RE: I'll Never Eat A BUTTerFINGER Again

Text Conversation between Stella and Birdman that Stella shared with me: Stella: I had a dream last night that you were rubbing my back and stuck your finger in my pooper.  Birdman: Gross. That doesn't sound like something i'd do. Did you enjoy it?  Stella: No...I was horrified. I made you go wash your hands. YOU seemed to enjoy it and see nothing wrong with executing a surprise digital anal invasion.  Birdman: Hah! Sounds more like a nightmare than a dream.  Stella: It was disturbing. P.S. Keep yo' fingas out my hole.  Birdman: All set for [restaurant name]. My mom will be by around 5:30.  Stella: Okey dokey, buttfinger.  Birdman: Henceforth, you shall only address me as buttfinger.  Stella: Will do.

RE: Conserving Energy

Birdman looking through TCM movie line up: Oooo!! "Logan's Run"...that's a good one. Stella: It is. Birdman sets it to record Stella: Why are you recording it?  You have it on DVD. Birdman: I dunno.  So I don't have to put the disc in.

RE: Outfit Of Choice

"Is he on some kind of punishment right now or are those his actual clothes?" - The Hubby when he saw Andy on "Big Brother" wearing this outfit (The knee socks have brightly colored stripes): Photo: Lisette M. Azar/CBS ©2013 CBS Broadcasting, Inc.
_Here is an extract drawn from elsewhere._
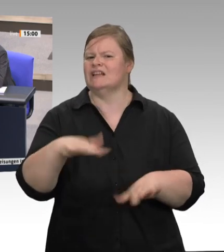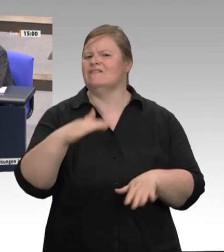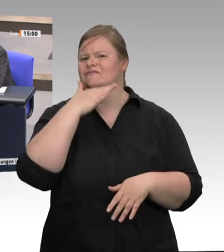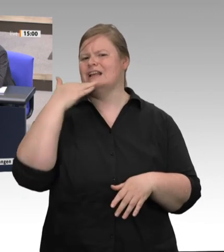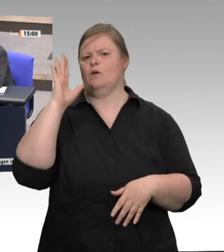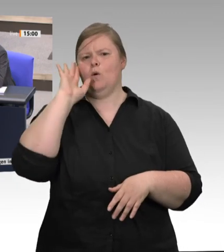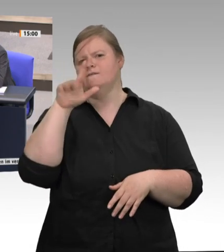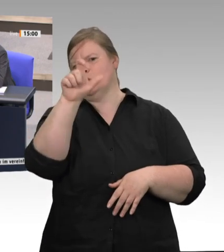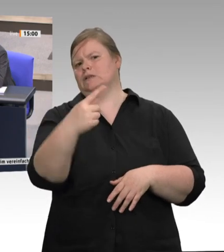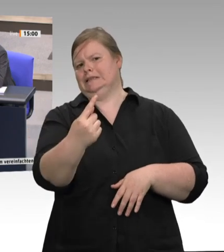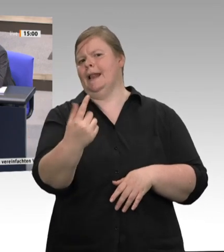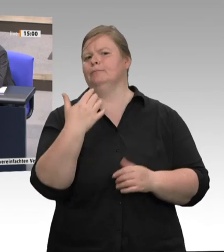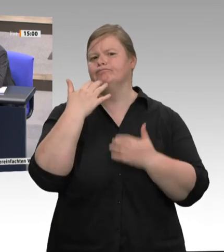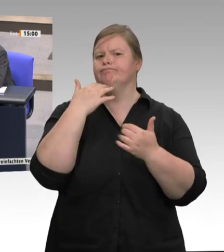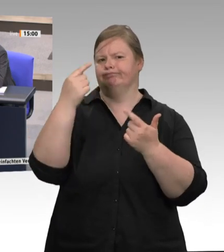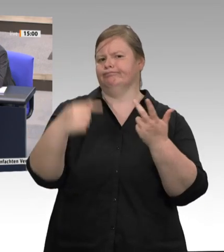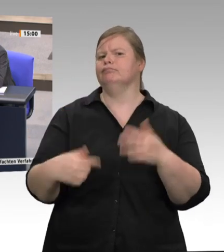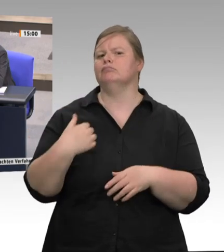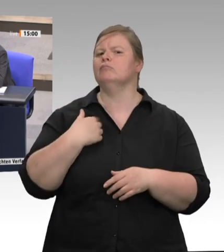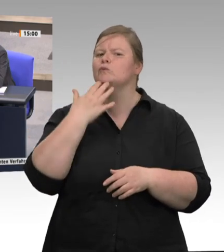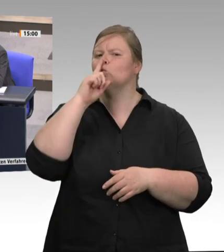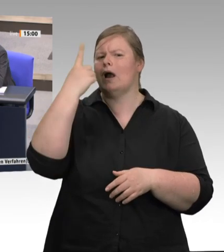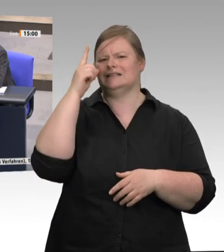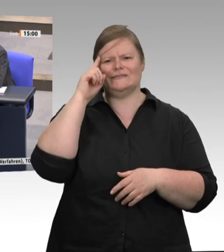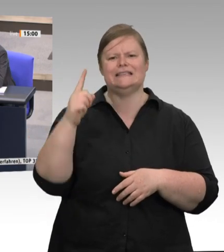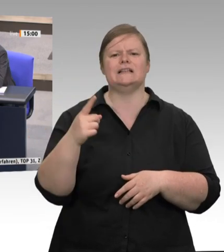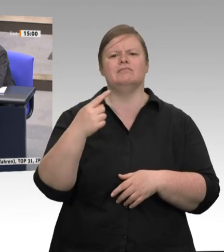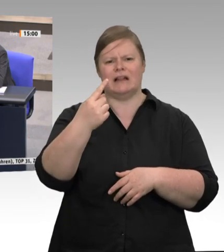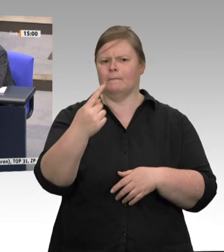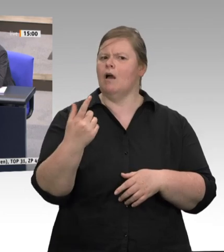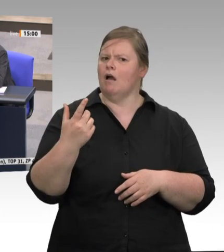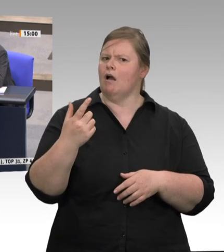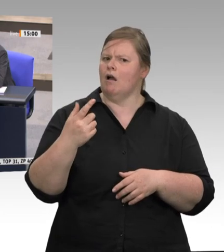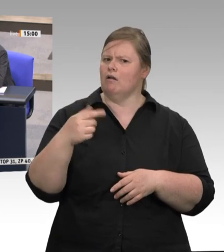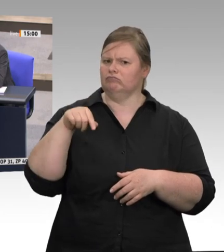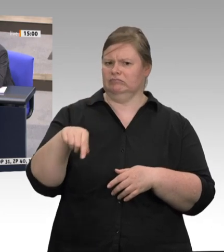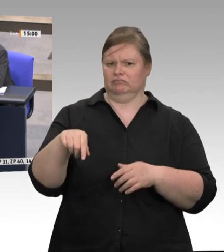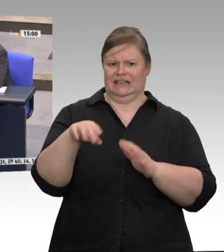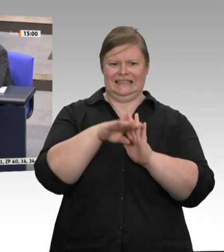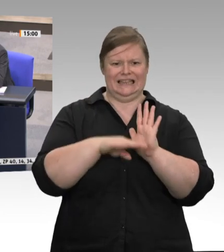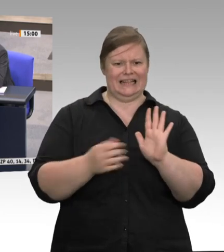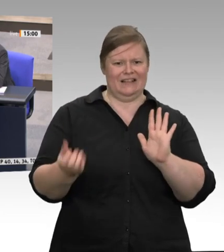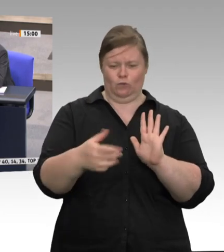im Kernbereich eines Schlachthofs – beim Schlachten und Zerlegen – Werkverträge

All Rights Reserved.

RE: Jolly Roger

The Hubby and I were messaging about our new neighbors, an older, retired couple.  The man is always tinkering around and grabbing tools out of the garage. Me: Roger's working in the basement.  Hammering away. The Hubby: Hammering on Shirley? Me: Is that her name? The Hubby: I think so.  Surely he's giving her a rogering.

RE: Disturbing Marketing

Cherry image for cherry topping Apple image for apple topping Elephant's butt image for hot fudge topping?